Finite element approach for calculating stress distribution in non-circular high-temperature superconducting coils

Abstract

Complex stress distribution arises in high-temperature superconducting (HTS) coil based on REBCO coated conductors, which is affected by the applied winding tension, thermal stress during cooling down, and electromagnetic forces when energizing the coil. The material and structure of bobbin and overband also play an important role.

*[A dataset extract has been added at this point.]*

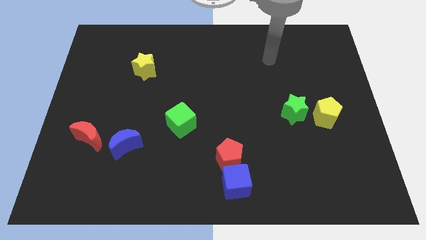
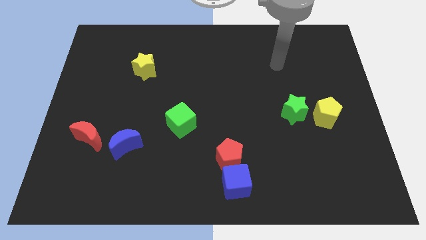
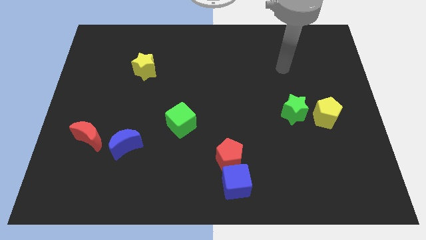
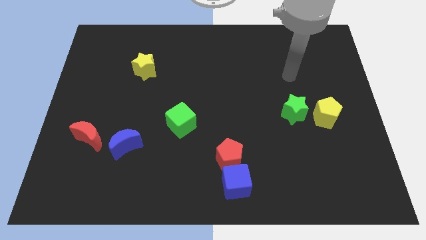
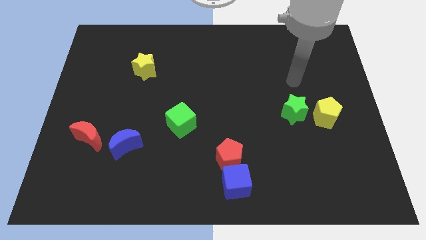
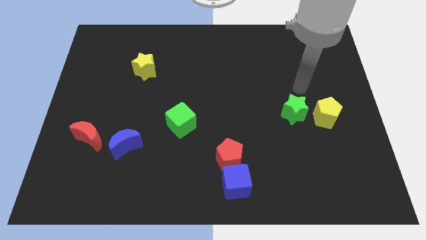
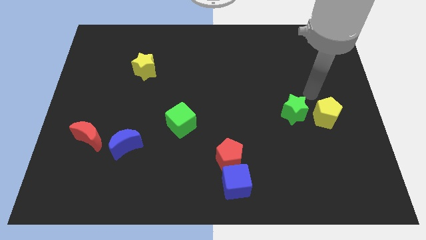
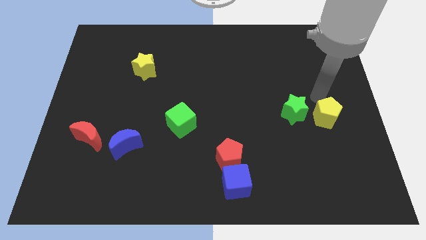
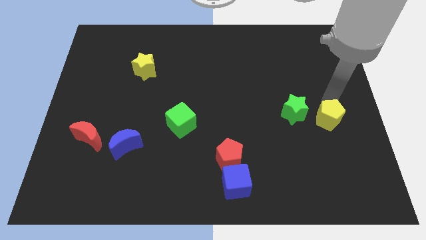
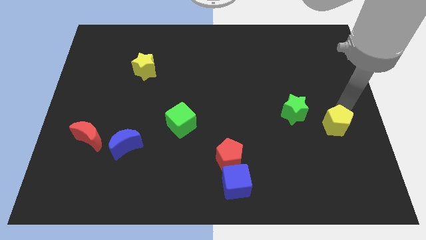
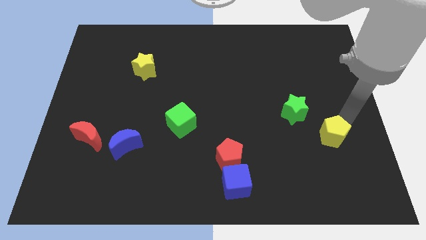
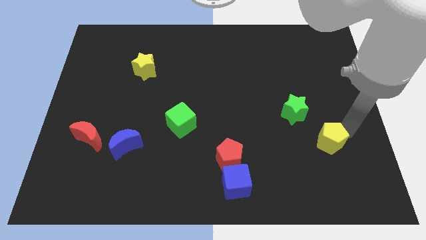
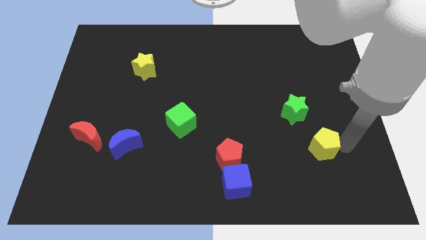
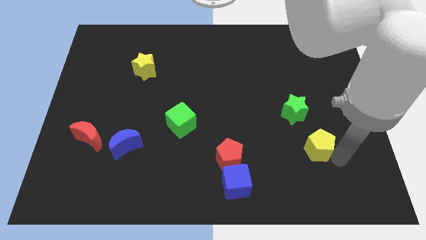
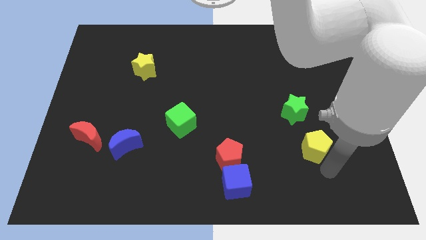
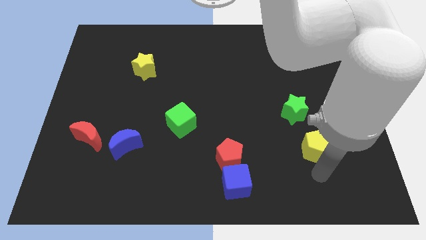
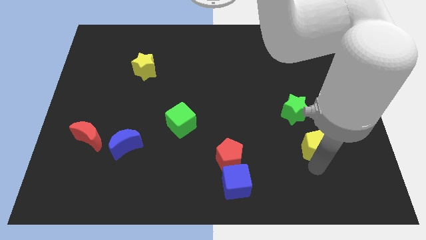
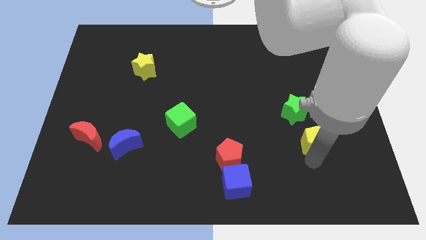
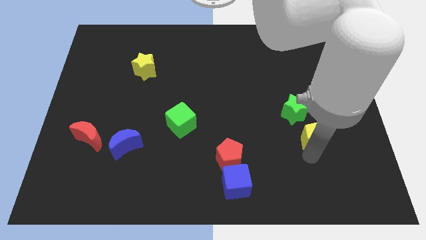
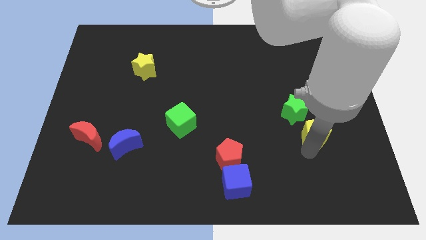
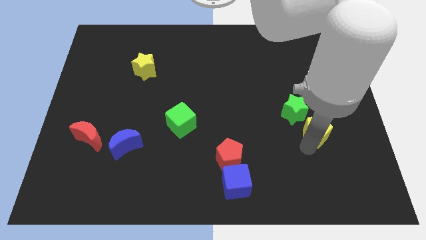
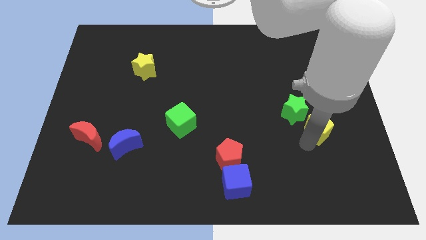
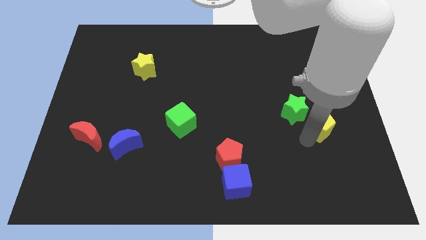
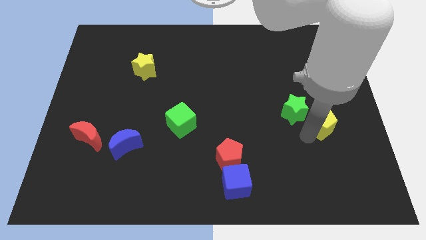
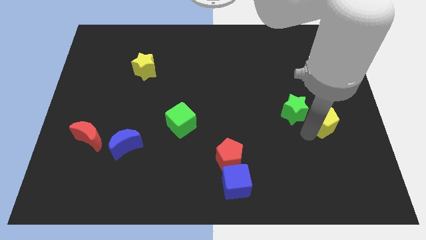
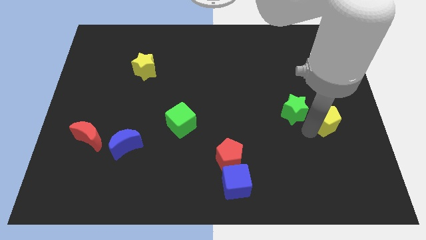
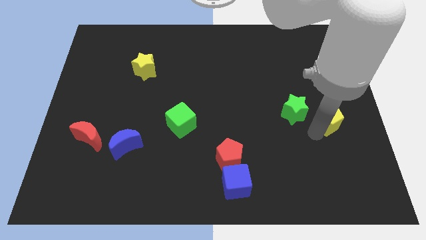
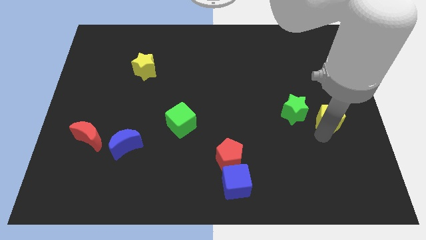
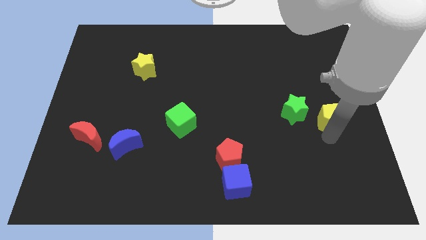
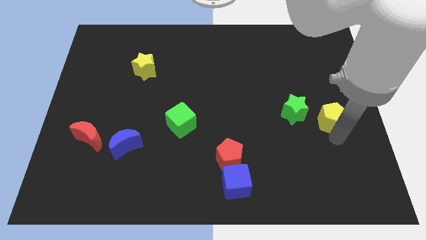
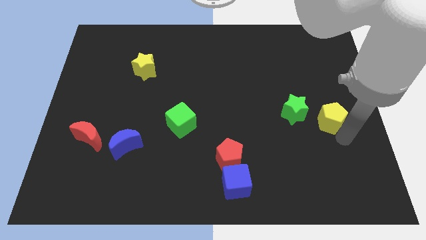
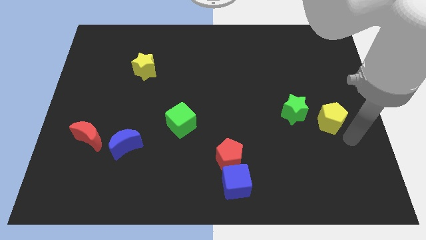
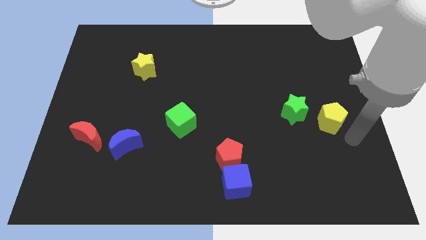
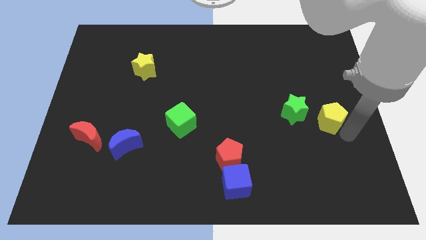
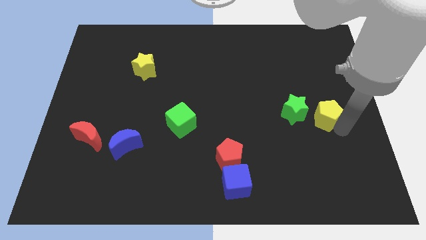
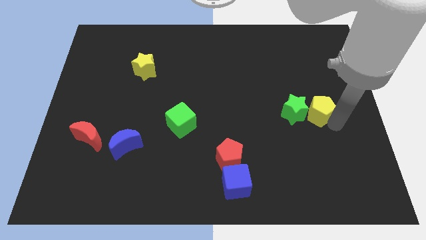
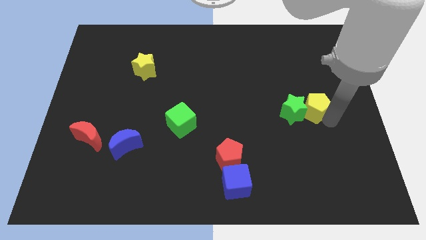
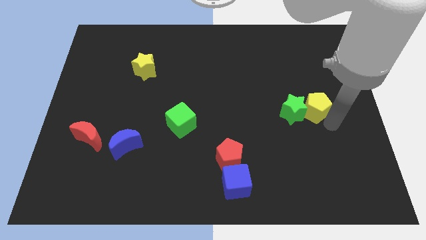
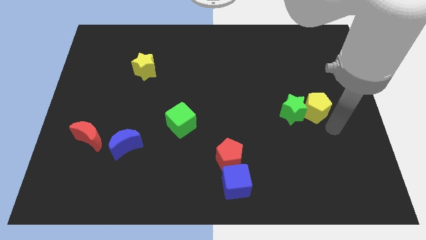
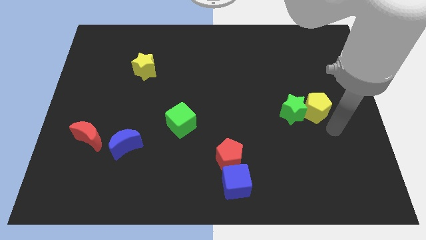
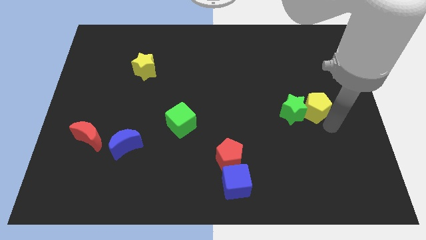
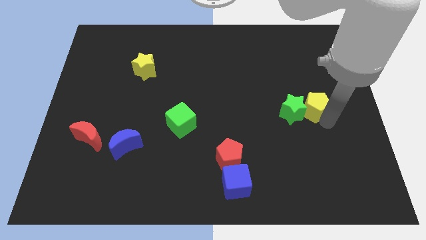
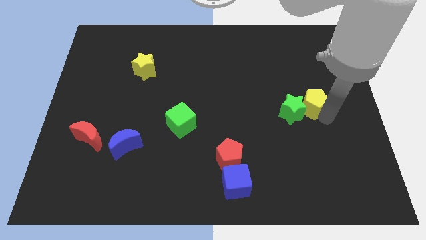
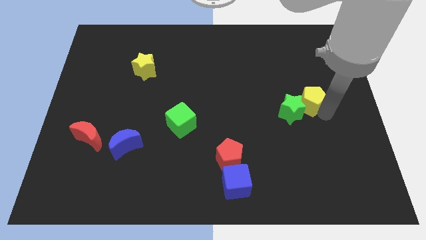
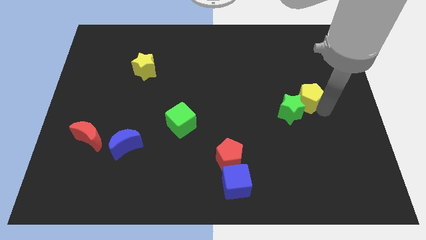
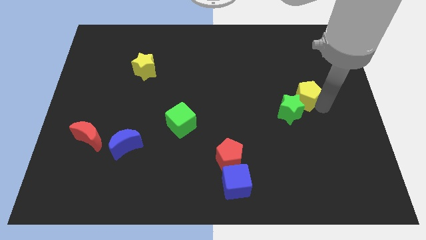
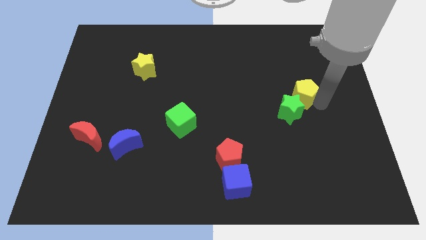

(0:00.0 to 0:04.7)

In this study, a finite element (FE) method model was proposed for analyzing the stress of HTS coils with non-circular geometries, especially the stresses arise from winding tension and overband. Compared to traditional analytical methods, this approach is not only applicable to circular coils but also to coils of other shapes, such as racetrack and D-shape coils that could hardly be calculated analytically. Comparison between the traditional analytical model and the proposed FE method model was obtained, which validated the latter one according to the simulation results on the radial and hoop stresses of two circular coils. Next, the proposed approach was used to analyze the stress distribution of a racetrack coil and a D-shaped coil. Furthermore, a comprehensive analysis of the stress distributions in the epoxy impregnated racetrack coil and the D-shaped coil was conducted, considering winding stress, thermal stress, electromagnetic stress, and the influence of overband. Finally, we calculated the winding stress in the racetrack coil considering nonlinear compressive behaviors. The results show that the stress distributions are quite different from the case that not considering compressibility.